EU lawmakers move to ban throw-away plastics

Drinking straws

European Union lawmakers moved on Wednesday to ban widely-used, throw-away plastics such as straws and cotton buds, and put a greater burden on manufacturers to recycle in an effort to clear up ocean pollution.


Under the proposal, overwhelmingly backed by the European Parliament, 10 single-use plastic products with readily available alternatives would be banned by 2021. EU states would be obliged to recycle 90 percent of plastic bottles by 2025 and producers to help cover costs of waste management.

“We are sending a strong signal to industry,” EU lawmaker Federique Ries, a Belgian liberal, told Reuters. “There is broad and growing popular support on this issue,” said Ries, who is representing the parliament in negotiations with EU governments.

The EU recycles only a quarter of the 25 million tonnes of plastics waste it produces per year.

China’s decision to stop processing waste coupled with growing alarm over damage to oceans has pushed the continent to end reliance on developing countries to deal with its waste. Regulators hope the new rules will lead to a drop in the price of recycled plastics.

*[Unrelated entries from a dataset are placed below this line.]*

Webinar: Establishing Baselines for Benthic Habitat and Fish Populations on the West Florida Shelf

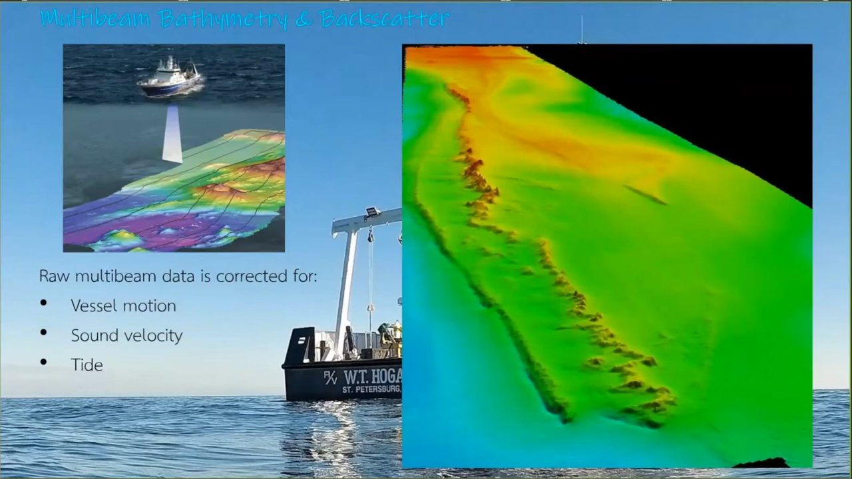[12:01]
And, um, you get, um, you can see the bathymetry straight up, but not only do we get that, but when you analyze the data, you can get a little bit more.
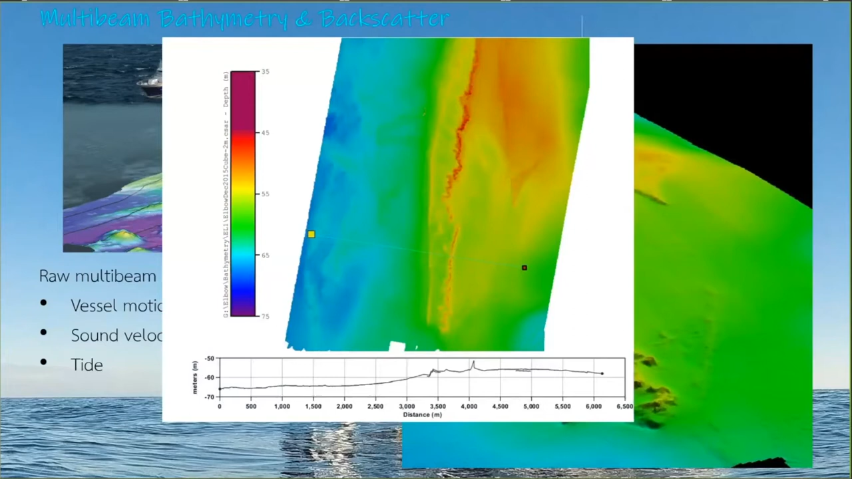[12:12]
You can see the, the, the actual, um, up and down of, uh, of what's happening. It's, it's not just a pretty picture. And Alex is going to talk about that a lot later on.
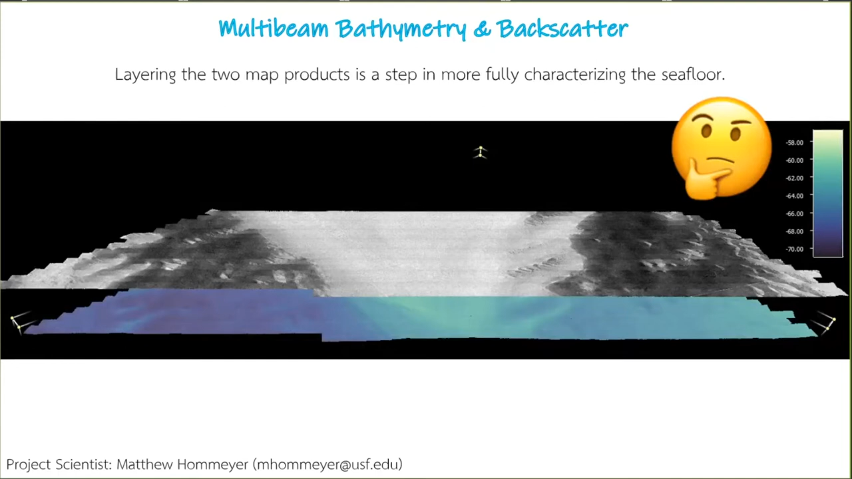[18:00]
Um, and for those of you that are familiar with backscatter, you'll know why, but we're not going to get too much into it today. It can be a tricky piece of data to work with, especially when you go and survey an area over multiple different cruises. So we're just going to stick to the bathymetry. Um, and so some of what we can glean from this information includes, um, ridges, slopes and troughs, um, which you can very clearly see here on this rendering of the elbow, which as Chad mentioned is, um, it's about 90 miles almost directly west of Tampa Bay offshore. Um, it's a popular fishing spot and you can kind of see why there's that long ridge, main ridge that runs down the middle of it.
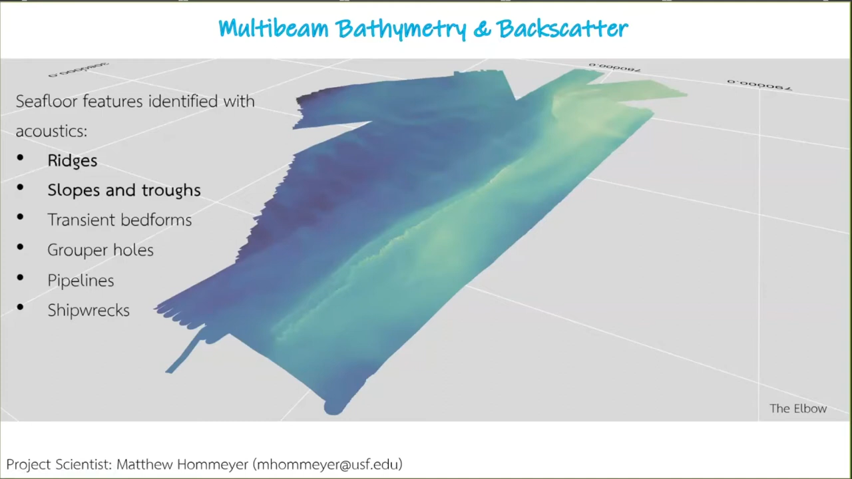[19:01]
Um, and what's great or what's been great is that not only do we see these natural seafloor features, but we do also encounter some manmade things on the seafloor. Um, and specifically for us, that's been pipelines and shipwrecks. Um, what we are just generally referring to as, uh, cultural resources. Um, and sometimes sea bass gets to join in on the fun and see some of them too.
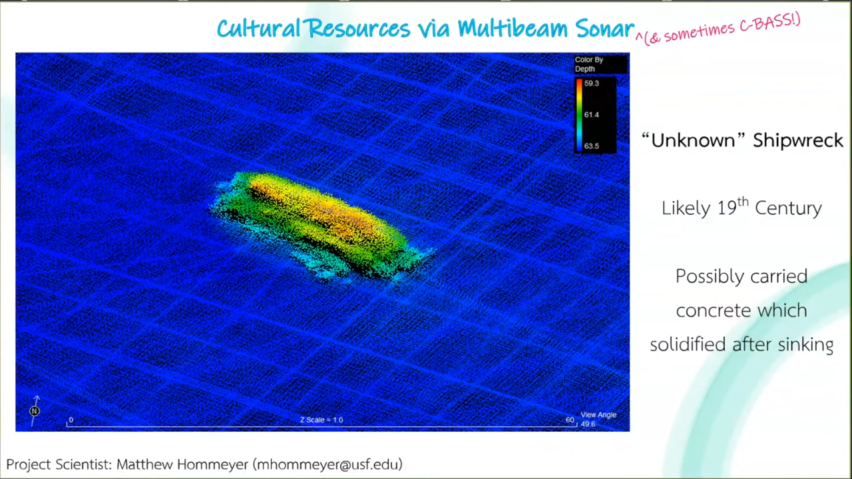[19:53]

The EU’s final rules still need to be approved in talks with member states – some of which have balked at the curbs, worried they will be too difficult to implement for industry.

But the deputy head of the EU executive, who is overseeing efforts to cut down on plastic waste, called for action.

“Europe has to come to terms with the fact that we cannot just put it on someone else’s shoulders,” EU Commission First Vice President Frans Timmermans told Reuters, saying he was encouraged by a shift in the private sector towards more voluntary recycling and public activism on the issue.


“It is the first strategy in the world that looks at the whole issue of the role of plastics in our economy,” he added. “If we don’t move now, if we don’t move swiftly … you will have more plastic in the oceans than fish.”

EU lawmakers added polystyrene fast-food containers and products made of oxo-degradable plastics, which critics say do not fully break down, to the list proposed by the EU executive earlier this year.

Waste from cigarette butts, which can take over a decade to degrade in water, would also have to be cut by 50 percent in 2025 and by 80 percent in 2030. EU countries would also have to collect fishing gear polluting beaches.

Ries said the restrictions on tobacco products and obligations on member state governments to recycle more could be sticking points.